Of course, the sharp sear of failure isn’t a new feeling. I wasn’t born yesterday and I haven’t had a privileged or sheltered or easy life. Like my fellow meta-humans – er, humans – I fail all the time, but I usually fail at other stuff. And those day-to-day fuck ups bother me less because they aren’t linked to the glowing talisman that buoys me through my quotidian routines – which is writing.

And failing at a writing challenge feels like I’m failing at the thing I was born to do.

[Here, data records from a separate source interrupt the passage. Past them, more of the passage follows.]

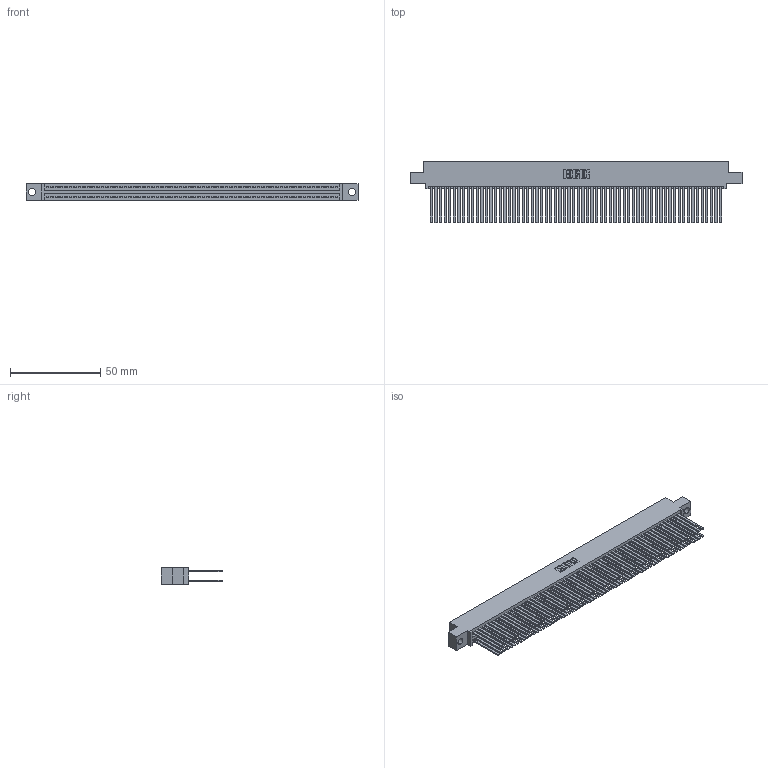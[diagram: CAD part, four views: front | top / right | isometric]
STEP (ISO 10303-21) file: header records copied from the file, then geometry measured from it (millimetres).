
FILE_DESCRIPTION (( 'STEP AP203' ), '1' );
FILE_NAME ('345-128-544-504.STEP', '2021-05-25T20:00:18', ( '' ), ( '' ), 'SwSTEP 2.0', 'SolidWorks 2020', '' );
FILE_SCHEMA (( 'CONFIG_CONTROL_DESIGN' ));
Length unit declared in the file: inch
Products named in the file (3): 345-292-001_345-293-144; 345 Part_0.110 Offset - 0.156 Dia-TI; 345-128-544-504
Assembly tree (129 placements, depth 2):
  345-128-544-504
    345 Part_0.110 Offset - 0.156 Dia-TI
    345-292-001_345-293-144  x128
Bounding box: 183.77 x 33.96 x 9.4 mm (x, y, z)
Volume: 19670.7 mm3; surface area: 34706.2 mm2
Topology: 129 solids, 129 shells, 5776 faces, 17157 edges, 11266 vertices
Faces by surface type: plane 3810, cylinder 1966
Entity records: 47621 total; most frequent: CARTESIAN_POINT 7966, ORIENTED_EDGE 7898, DIRECTION 6993, EDGE_CURVE 3949, LINE 3565, VECTOR 3565, VERTEX_POINT 2630, AXIS2_PLACEMENT_3D 1714

(Incidentally, I’ve used the word failure a lot in this post, but I can’t think of a decent synonym for this context other than échec, which is French and won’t make any sense, and fuck-up, which isn’t quite right. Microsoft Word is suggesting I use catastrophe, fiasco or miscarriage, which seems pretty savage for a piece of software. Shut up, Word. Maybe I need to invent a politically correct neologism for failure to bubble-wrap my feelings. I’m success-challenged. No, better yet, success-diverse.)

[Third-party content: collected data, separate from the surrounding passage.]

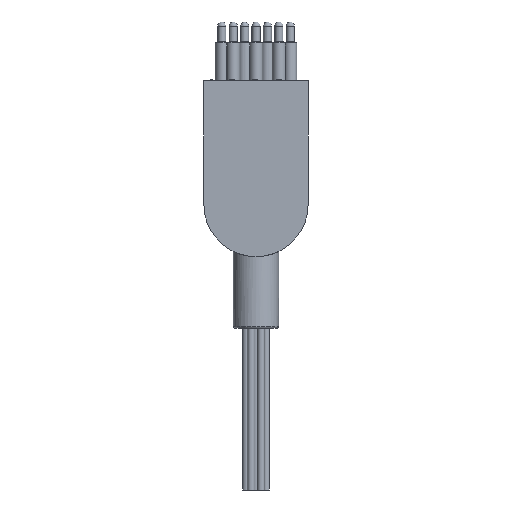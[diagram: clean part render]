
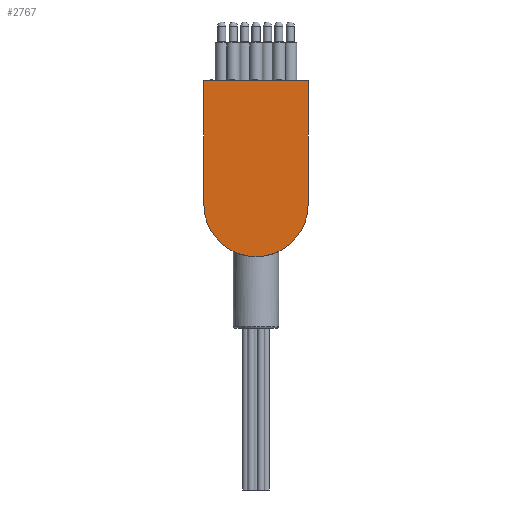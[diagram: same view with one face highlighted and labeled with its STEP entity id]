
A CAD part, front view. The second image highlights one B-rep face of the part: STEP entity #2767.
In plain terms, the highlighted planar face has unit normal (0, -1, 0).
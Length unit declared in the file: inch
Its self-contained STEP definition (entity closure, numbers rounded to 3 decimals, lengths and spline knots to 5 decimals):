
#345=LINE('',#6630,#550);
#346=LINE('',#6634,#551);
#347=LINE('',#6635,#552);
#550=VECTOR('',#3509,39.37008);
#551=VECTOR('',#3512,39.37008);
#552=VECTOR('',#3513,39.37008);
#751=FACE_OUTER_BOUND('',#919,.T.);
#919=EDGE_LOOP('',(#2249,#2250,#2251,#2252));
#1039=CIRCLE('',#2967,0.5);
#1318=VERTEX_POINT('',#6628);
#1319=VERTEX_POINT('',#6629);
#1320=VERTEX_POINT('',#6631);
#1321=VERTEX_POINT('',#6633);
#1683=EDGE_CURVE('',#1318,#1319,#345,.T.);
#1684=EDGE_CURVE('',#1320,#1318,#1039,.T.);
#1685=EDGE_CURVE('',#1321,#1320,#346,.T.);
#1686=EDGE_CURVE('',#1319,#1321,#347,.T.);
#2249=ORIENTED_EDGE('',*,*,#1683,.F.);
#2250=ORIENTED_EDGE('',*,*,#1684,.F.);
#2251=ORIENTED_EDGE('',*,*,#1685,.F.);
#2252=ORIENTED_EDGE('',*,*,#1686,.F.);
#2645=PLANE('',#2966);
#2767=ADVANCED_FACE('',(#751),#2645,.F.);
#2966=AXIS2_PLACEMENT_3D('',#6627,#3507,#3508);
#2967=AXIS2_PLACEMENT_3D('',#6632,#3510,#3511);
#3507=DIRECTION('center_axis',(0.,1.,0.));
#3508=DIRECTION('ref_axis',(0.,0.,1.));
#3509=DIRECTION('',(0.,0.,1.));
#3510=DIRECTION('center_axis',(0.,1.,0.));
#3511=DIRECTION('ref_axis',(0.,0.,1.));
#3512=DIRECTION('',(0.,0.,-1.));
#3513=DIRECTION('',(1.,0.,0.));
#6627=CARTESIAN_POINT('Origin',(0.,-0.281,-1.1875));
#6628=CARTESIAN_POINT('',(-0.5,-0.281,-1.1875));
#6629=CARTESIAN_POINT('',(-0.5,-0.281,0.));
#6630=CARTESIAN_POINT('',(-0.5,-0.281,-1.1875));
#6631=CARTESIAN_POINT('',(0.5,-0.281,-1.1875));
#6632=CARTESIAN_POINT('Origin',(0.,-0.281,-1.1875));
#6633=CARTESIAN_POINT('',(0.5,-0.281,0.));
#6634=CARTESIAN_POINT('',(0.5,-0.281,0.));
#6635=CARTESIAN_POINT('',(-0.5,-0.281,0.));

It’s been nearly two weeks since NaNoWriMo ended, and I’ve been thinking about what I can take away from my 2016 misfire (there we go). The sting of defeat is only useful if you learn from it, after all.

So, what have I learned? Four things:

1) I need to make more time. My mantra for the past couple of years has been: “You don’t find time to write a novel. You make time.” I firmly believe this, and I’ve made time over the last two years to work on my writing. But I didn’t make time this November. On the contrary, I filled it up with work and other stuff – and I won’t make excuses (insert teeth grinding sound) but some of it wasn’t avoidable. I didn’t make enough time, so I didn’t write enough.

2) I need to fuel up. My hectic month didn’t lend itself to input, and output-only mode is not sustainable for a writer. As little time as I had to write, I had even less – none – to top up my tank. Good writing is fuelled by two things: life experience and imagination, which is spurred on by vicarious experience – reading books. I didn’t make time to live or to read. These things are vital to producing work as a writer.

3) I need to acknowledge the successes as well as the failures. Ultimately, writing 18,126 words in a busy month is better than writing zero words because I foresaw a hectic time and didn’t give it a bash at all. And writing at the rate I did, I would finish the first draft of this second novel in five or six months, which is actually not bad at all. I need to stop self-flagellating over my perceived disappointments and realise just how much I’ve achieved.

4) I need to go easy on myself because life can be a bastard. Sometimes life throws you a curve ball. And sometimes it likes to throw a dozen at you, all at the same time, just to fuck up your sense of balance. And it usually does this just around the time when you look around all wide-eyed and go, “Hey, things aren’t going too badly right now.” BAM. Life enters. And that means plans don’t always work out. I just have to adapt and adjust and keep moving towards the real goal – which was never to finish my second novel in a month, really. It was to finish my second novel. As long as I keep doing that, I’m on track.

I’m ultimately proud of my failure this month. Not because it’s fun (yay! I suck!) but because it has galvanised my resolve, made me more determined than ever, and made me keen not to repeat the same mistakes next year – which means I will be making changes in my approach come January.

2017 is going to be an epic year in a lot of ways. I can’t wait to get started.